Why are you angry???

because the nanny you fired was hotter and smarter than you? Loser, stupid fascist feminist hag. I would presume your husband is a weak loser.

Monday, September 25, 2006 07:46 PM

Sorry, Ms. Perel!

Ms. Perel more or less states that marriage is about stability, friendship, and implicitly boredom, whereas eroticism is about mystery, imbalance, and fantasy. She says she's never called her husband her best friend. Sounds to me like she is over-romanticizing mystery; there's something to be said for a partner who knows you -- and your fantasies -- well and can play to them.
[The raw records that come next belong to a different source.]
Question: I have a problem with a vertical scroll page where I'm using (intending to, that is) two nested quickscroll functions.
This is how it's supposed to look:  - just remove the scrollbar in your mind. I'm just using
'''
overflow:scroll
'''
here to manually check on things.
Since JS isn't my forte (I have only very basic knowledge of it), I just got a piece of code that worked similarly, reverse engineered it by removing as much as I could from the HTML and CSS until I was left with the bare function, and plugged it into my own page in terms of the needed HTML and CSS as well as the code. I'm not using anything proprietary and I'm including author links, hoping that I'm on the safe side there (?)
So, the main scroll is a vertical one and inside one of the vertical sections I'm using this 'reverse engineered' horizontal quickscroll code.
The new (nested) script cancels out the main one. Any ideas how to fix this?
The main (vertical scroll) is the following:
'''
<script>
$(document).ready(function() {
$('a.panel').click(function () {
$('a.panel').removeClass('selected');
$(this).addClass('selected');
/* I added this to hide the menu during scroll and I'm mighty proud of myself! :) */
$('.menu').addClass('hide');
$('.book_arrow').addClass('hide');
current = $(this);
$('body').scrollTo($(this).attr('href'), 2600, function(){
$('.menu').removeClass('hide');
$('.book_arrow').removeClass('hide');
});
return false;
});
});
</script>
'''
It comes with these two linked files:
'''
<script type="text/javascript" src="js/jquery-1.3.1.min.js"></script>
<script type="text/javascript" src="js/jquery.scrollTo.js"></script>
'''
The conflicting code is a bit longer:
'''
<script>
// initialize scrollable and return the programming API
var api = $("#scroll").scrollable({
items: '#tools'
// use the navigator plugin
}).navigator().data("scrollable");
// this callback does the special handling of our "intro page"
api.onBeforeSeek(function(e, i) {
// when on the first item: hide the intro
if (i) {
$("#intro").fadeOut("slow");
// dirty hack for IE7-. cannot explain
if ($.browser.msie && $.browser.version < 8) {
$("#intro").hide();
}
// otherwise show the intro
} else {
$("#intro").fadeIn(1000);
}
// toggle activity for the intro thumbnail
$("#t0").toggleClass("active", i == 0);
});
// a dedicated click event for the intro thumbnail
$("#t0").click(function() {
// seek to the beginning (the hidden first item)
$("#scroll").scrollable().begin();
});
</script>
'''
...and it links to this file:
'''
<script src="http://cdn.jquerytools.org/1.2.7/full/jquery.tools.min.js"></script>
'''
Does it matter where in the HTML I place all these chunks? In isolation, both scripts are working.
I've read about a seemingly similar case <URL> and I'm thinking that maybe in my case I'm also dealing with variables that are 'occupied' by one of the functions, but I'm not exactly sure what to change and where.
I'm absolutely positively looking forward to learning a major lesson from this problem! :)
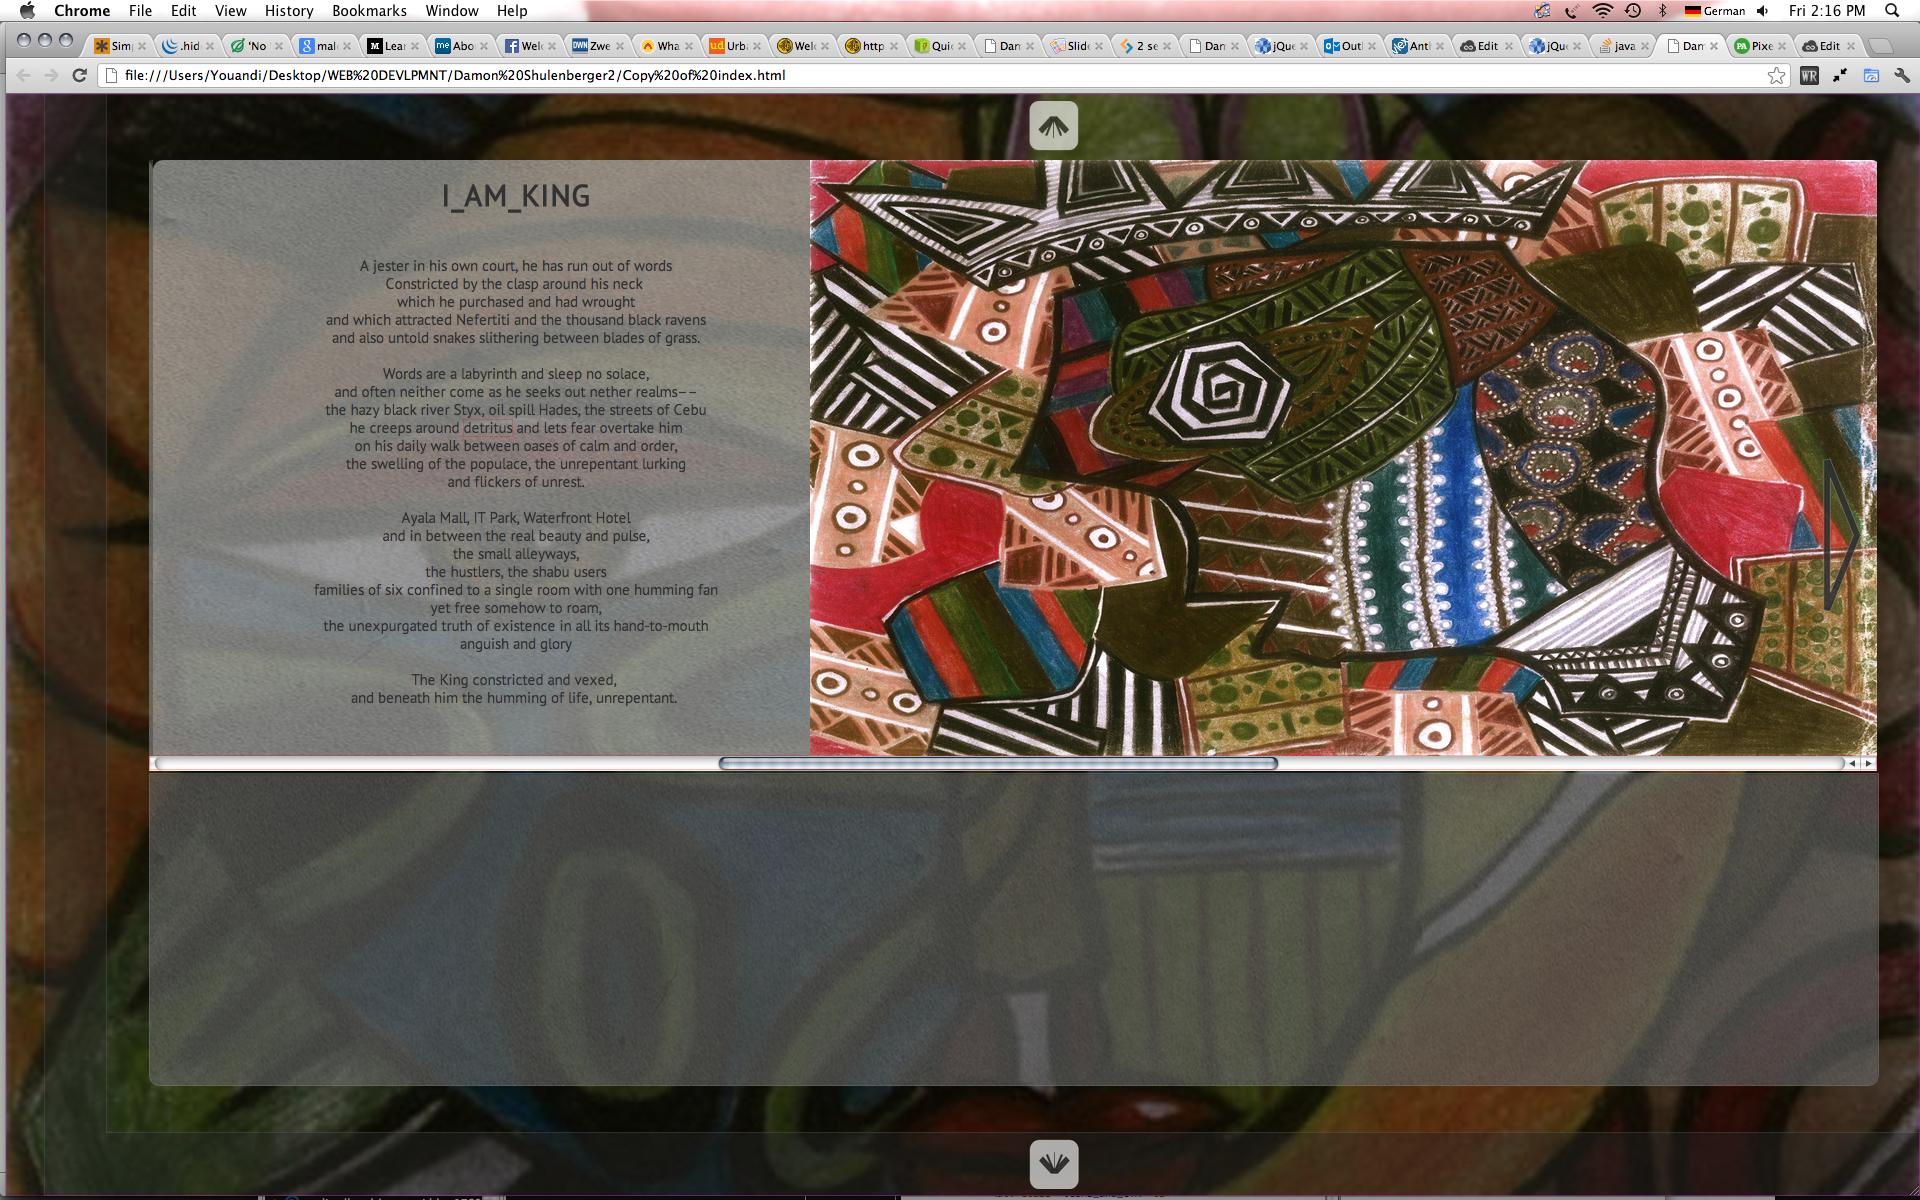
Answer: Hoping that it doesn't cause the Stack to Overflow, I'll add some more (my solution) to my journey. Maybe it helps posterity to follow my learning curve...
I was able to get the nested quick scroll (as I call it) to work properly. Still a rookie in JS, I played around with that bit of script I had gotten and modified - the one that worked vertically - and stuffed the other, similar, script for the (inner) horizontal scroll into that first script! YAY! It worked. Here's how the final script looks:
'''
<script>
$(document).ready(function() {
$('a.panel').click(function () {
$('.book_arrow').fadeOut();
## which prevents the vertical page flying past a lot of nav during scroll down ##
$('.fluid_centerbox').addClass('hide');
$('.fluid_centerbox').fadeOut();
## which makes the scroll smooth cause what's {display:none;} isn't going to be recalculated
and also lets the viewer appreciate the background images during scroll. the 'hide' is
instant and the .fadeOut is animated. Don't ask me why it worked best in this order! ##
current = $(this);
$('body').scrollTo($(this).attr('href'), 2600, function(){
$('.book_arrow').fadeIn();
$('.fluid_centerbox').fadeIn(), 40000;
});
return false;
});
$('a.panell').click(function () {
current = $(this);
$('.long_wrap').scrollTo($(this).attr('href'), 2600, function(){
});
return false;
});
## the panell is not a typo but a way to distinguish both scroll button types ##
});
</script>
'''
And while I'm posting this, I see that in the inner quick scroll, there's an empty
'''
function(){});
'''
Maybe later I'll try to get rid of it, if possible.

Reading between the lines, she suggests marriage is a bad idea because it is unsexy. All I can conclude is that she isn't doing it right!

Monday, September 25, 2006 07:56 PM

Couldn't Agree Less

It is hard to make sense of this interview. Mother's spend to much time hugging their child which drains them of the need to have wild sex with their husband so they should hug their children less? Sex needs mystery so you should communicate less with your partner about your life? Sorry, but these are truly odd assertions.

The love I feel for my child is completely different then the love I feel for my husband and they are not in competition with each other. If a mother doesn't feel like sex at the end of the day it is more likely due to the physical exhaustion of child rearing then because she has exceeded some mythical hug quota.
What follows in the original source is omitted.